### To do
Reproduce the entries word for word but drop every picture.

### Listed records
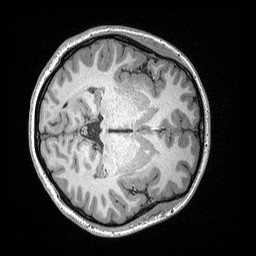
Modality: T1w
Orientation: axial
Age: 23
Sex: female
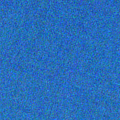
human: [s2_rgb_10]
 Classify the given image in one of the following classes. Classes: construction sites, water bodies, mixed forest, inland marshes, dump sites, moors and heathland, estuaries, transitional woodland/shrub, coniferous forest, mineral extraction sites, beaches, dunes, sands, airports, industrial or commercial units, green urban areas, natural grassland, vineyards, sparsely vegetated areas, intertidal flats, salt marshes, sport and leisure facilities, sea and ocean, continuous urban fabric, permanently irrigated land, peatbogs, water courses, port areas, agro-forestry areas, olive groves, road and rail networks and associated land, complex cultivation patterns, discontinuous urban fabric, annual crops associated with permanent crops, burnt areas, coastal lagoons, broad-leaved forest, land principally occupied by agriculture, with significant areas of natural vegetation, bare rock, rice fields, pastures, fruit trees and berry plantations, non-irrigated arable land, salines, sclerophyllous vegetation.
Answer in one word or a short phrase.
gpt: sea and ocean

### Solution for this task
Modality: T1w
Orientation: axial
Age: 23
Sex: female
human: [s2_rgb_10]
 Classify the given image in one of the following classes. Classes: construction sites, water bodies, mixed forest, inland marshes, dump sites, moors and heathland, estuaries, transitional woodland/shrub, coniferous forest, mineral extraction sites, beaches, dunes, sands, airports, industrial or commercial units, green urban areas, natural grassland, vineyards, sparsely vegetated areas, intertidal flats, salt marshes, sport and leisure facilities, sea and ocean, continuous urban fabric, permanently irrigated land, peatbogs, water courses, port areas, agro-forestry areas, olive groves, road and rail networks and associated land, complex cultivation patterns, discontinuous urban fabric, annual crops associated with permanent crops, burnt areas, coastal lagoons, broad-leaved forest, land principally occupied by agriculture, with significant areas of natural vegetation, bare rock, rice fields, pastures, fruit trees and berry plantations, non-irrigated arable land, salines, sclerophyllous vegetation.
Answer in one word or a short phrase.
gpt: sea and ocean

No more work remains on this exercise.